Размер шрифта
-
+

Мифы и заблуждения в изучении империи и национализма (сборник) - стр. 50

. Похожим образом, неудачей окончились все попытки российских политиков организовать массовую поддержку русских, оставшихся в ближнем зарубежье. Организация, которая строила свою политическую программу вокруг этой проблемы, Конгресс русских общин, даже не смогла преодолеть пятипроцентный барьер на парламентских выборах 1995 года[76].

Второе проблематичное утверждение состоит в том, что если манипуляции элит довели Югославию до этнонационального варварства, то это может произойти и в других регионах. Я уже подверг критике верность заключения этого силлогизма, утверждая, что крупномасштабное насилие вряд ли случится между венграми и румынами в Трансильвании, невзирая на межэтническую напряженность. Теперь я хотел бы обратиться к посылке и рассмотреть ее.

Разумеется, манипуляции элит были важным элементом в развертывании югославской катастрофы.
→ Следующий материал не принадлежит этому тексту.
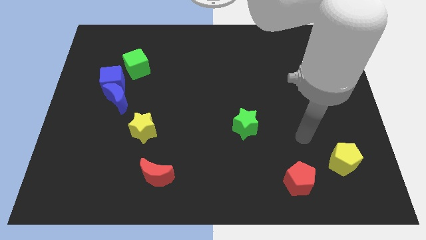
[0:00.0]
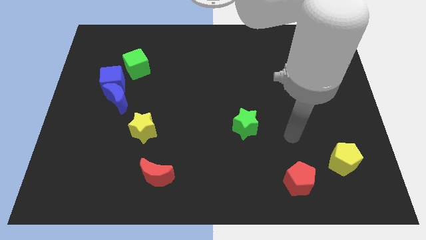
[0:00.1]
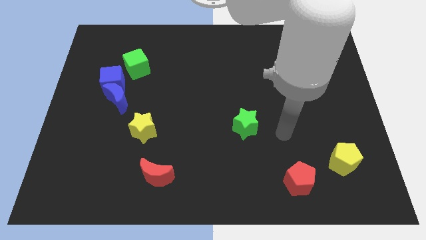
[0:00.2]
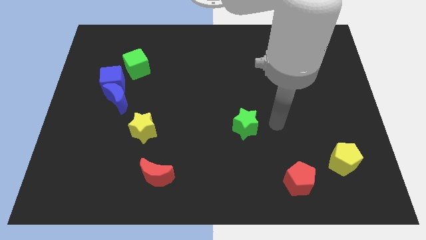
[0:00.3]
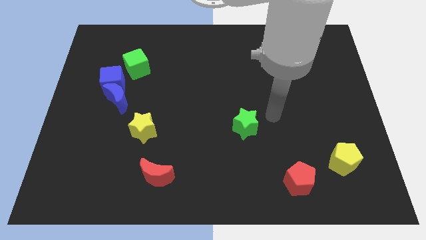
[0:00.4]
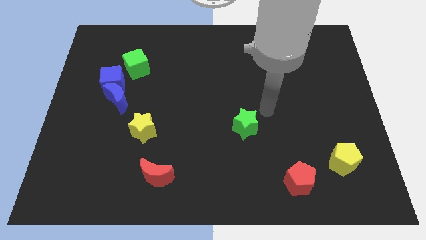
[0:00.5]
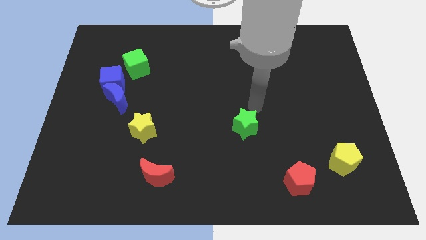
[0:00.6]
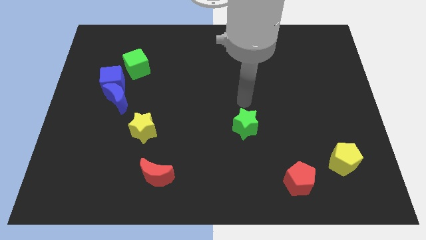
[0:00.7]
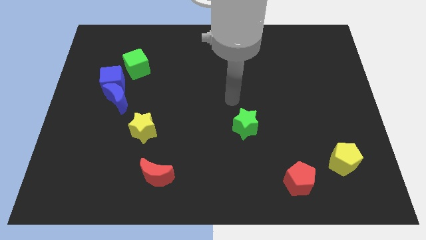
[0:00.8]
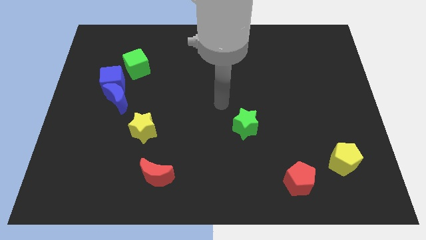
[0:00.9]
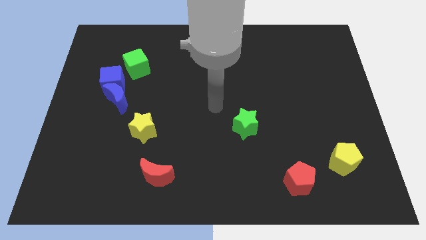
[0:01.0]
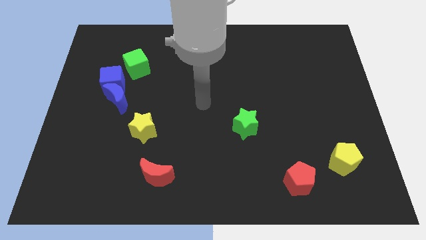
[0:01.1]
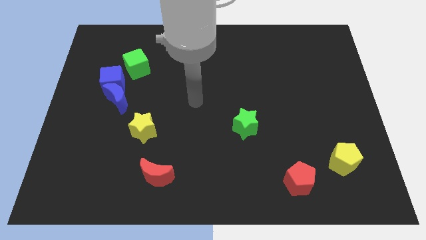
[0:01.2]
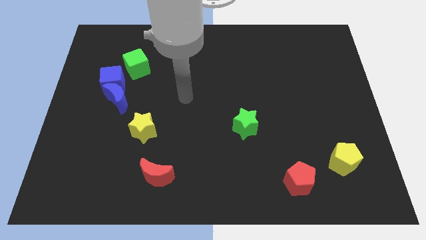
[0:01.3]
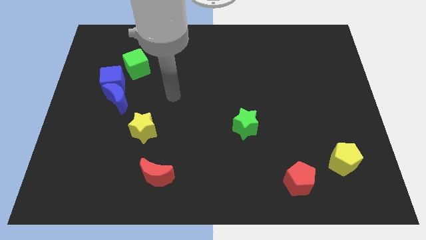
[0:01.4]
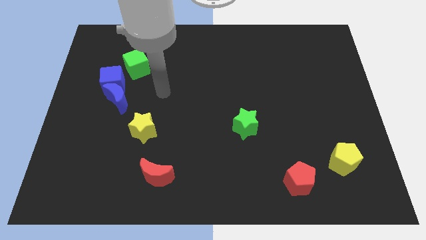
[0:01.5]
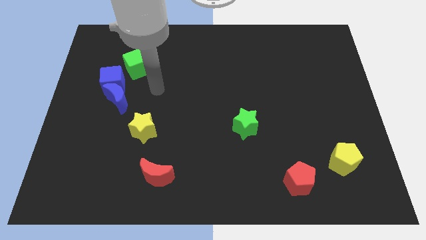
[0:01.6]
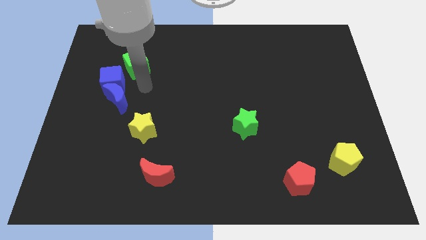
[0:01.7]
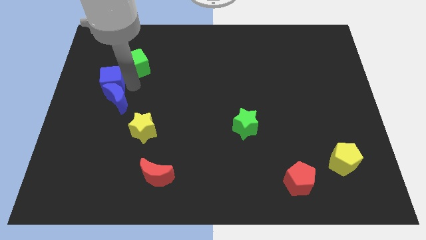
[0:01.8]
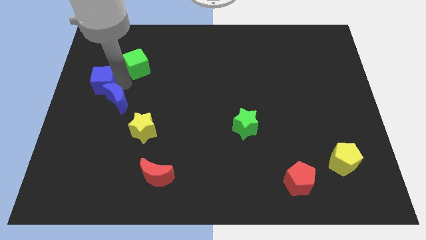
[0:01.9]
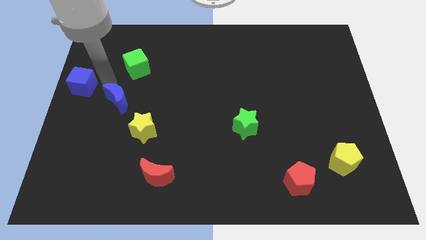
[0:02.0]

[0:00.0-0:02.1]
move the blue moon away from the blue cube

Тем не менее данный тезис не может определить те особые условия, которые обеспечили восприимчивость ключевых сегментов югославского населения к подобным манипуляциям в момент начала распада государства. В более широком смысле, он не объясняет, от чего зависит успешность мобилизирующих усилий элит, чрезмерно преувеличивая при этом силу и уровень этнических конфликтов. В югославском случае целый ряд особых факторов может помочь объяснить, почему люди оказались восприимчивы к циничным манипуляциям Белграда[77]. Среди этих факторов – массовое межобщинное насилие времен Второй мировой войны; рассказы об этом насилии, которые, не будучи обсуждаемыми открыто, циркулировали в семьях, особенно в некоторых ключевых районах, таких, как населенная сербами Хорватская Крайна; страх, что это насилие повторится в условиях стремительного изменения системы контроля над средствами государственного насилия, в особенности когда контроль в Хорватии переходил в руки режима, который по меньшей мере неосторожно принял символы, ассоциировавшиеся для сербов с преступным режимом усташей времен войны. Разумеется, политики дают неверную картину прошлого. Но подобные картины резонировали в сознании югославского населения так, как нигде больше (за возможным исключением армяно-азербайджанского конфликта). И эти вариации в условиях восприимчивости к побуждающим призывам остаются вне теоретических объяснений концепции манипуляции элит.

Третье проблематичное утверждение, связанное с этой концепцией, состоит в том, что она понимает национализм как политику интереса, а не как политику идентичности и поэтому считает, что национализм необходимо объяснять в терминах инструментальности, фокусируясь на расчетах циничных оппортунистических элит, а не на исконных национальных идентичностях. Мы же в принципе не должны выбирать между инструментальным подходом и подходом, основанным на идентичности. Ошибочность этого противопоставления становится очевидной, если мы обратим внимание на когнитивное измерение национализма. С когнитивной точки зрения национализм – это способ видения мира, способ идентификации интересов или, еще точнее, способ определения единиц-носителей интереса или единиц, в отталкивании от которых происходит формулирование интересов. Национализм предоставляет модель видения и разделения мира, говоря словами Пьера Бурдье, модель социального учета и отчета. Таким образом, национализм внутренне связывает интерес и идентичность путем идентификации того, как мы должны определять свои интересы.